The process begins with a Water Cost Analysis, which takes a couple of weeks and usually costs between $1,000 and $3,000. An Automatic Meter Reader (AMR) reads the water meter every hour and transmits the information to a central computer. Rothschild says an AMR quickly notices upticks in water usage from “insidious and sneaky” things like “invisible” leaks.

Vantage was hired by AKAM Associates to address high water bills at eight of the properties it manages. “What was found was that the bills were accurate [but] there was gross over-usage of water owing to antiquated toilets, showerheads, and sink and faucet fixtures,” says AKAM president Michael Berenson.
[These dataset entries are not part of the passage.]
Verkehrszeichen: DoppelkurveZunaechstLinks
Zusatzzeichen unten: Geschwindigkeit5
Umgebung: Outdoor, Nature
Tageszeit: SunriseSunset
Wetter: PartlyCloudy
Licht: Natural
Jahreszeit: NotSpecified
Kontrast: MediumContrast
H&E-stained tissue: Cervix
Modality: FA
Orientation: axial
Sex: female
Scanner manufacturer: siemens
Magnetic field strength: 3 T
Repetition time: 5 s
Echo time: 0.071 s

The properties underwent a “tune-up” that attacked the sources of waste. “Ultimately,” Berenson adds, “aerators, seals, flushometers and other elements were replaced, resulting in reductions in water consumption of as much as 30 percent.”

High-tech systems like AMR are no substitute for diligent preventive maintenance of your water system, argues Philip Kraus, president of Fred Smith Plumbing & Heating Company, which has been in business since 1914 and now has a clientele of mostly upscale Manhattan co-ops and condos

“We find that in most buildings, if everything seems to be working, people aren’t inclined to look into it,” Kraus says. “That’s not the way to go. Every six months you should check your water-heating system – for domestic use and heat. Make sure [the meters are] calibrated correctly,” Kraus advises. “Then start asking questions. Is the tenant with the rooftop garden using more water? Is there a hot spot on the basement floor? If so, untold gallons of hot water returning from radiators might be leaking beneath the basement floor.”
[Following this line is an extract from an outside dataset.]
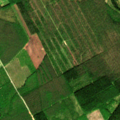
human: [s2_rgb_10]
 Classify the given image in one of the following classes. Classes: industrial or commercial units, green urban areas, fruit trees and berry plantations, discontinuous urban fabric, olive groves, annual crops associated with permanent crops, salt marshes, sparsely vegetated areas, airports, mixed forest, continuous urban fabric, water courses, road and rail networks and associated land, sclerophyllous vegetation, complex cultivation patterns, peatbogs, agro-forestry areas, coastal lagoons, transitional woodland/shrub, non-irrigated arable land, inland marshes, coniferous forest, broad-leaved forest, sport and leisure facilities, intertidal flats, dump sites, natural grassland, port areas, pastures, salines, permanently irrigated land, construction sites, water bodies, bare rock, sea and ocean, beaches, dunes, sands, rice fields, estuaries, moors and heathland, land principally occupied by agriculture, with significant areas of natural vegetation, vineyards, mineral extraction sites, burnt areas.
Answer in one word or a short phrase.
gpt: coniferous forest, mixed forest

Thanks to conservation measures, improved maintenance, new technology, public awareness, and, of course, soaring costs, New Yorkers are using far less water today, per capita, than they did 25 years ago. Water usage peaked at 200 gallons per person per day in the 1980s. Today, each New Yorker uses an average of 150 gallons a day.

Good news? Sure. But don’t pat yourself on the back too hard. According to a United Nations survey, the average German uses about one-third as much.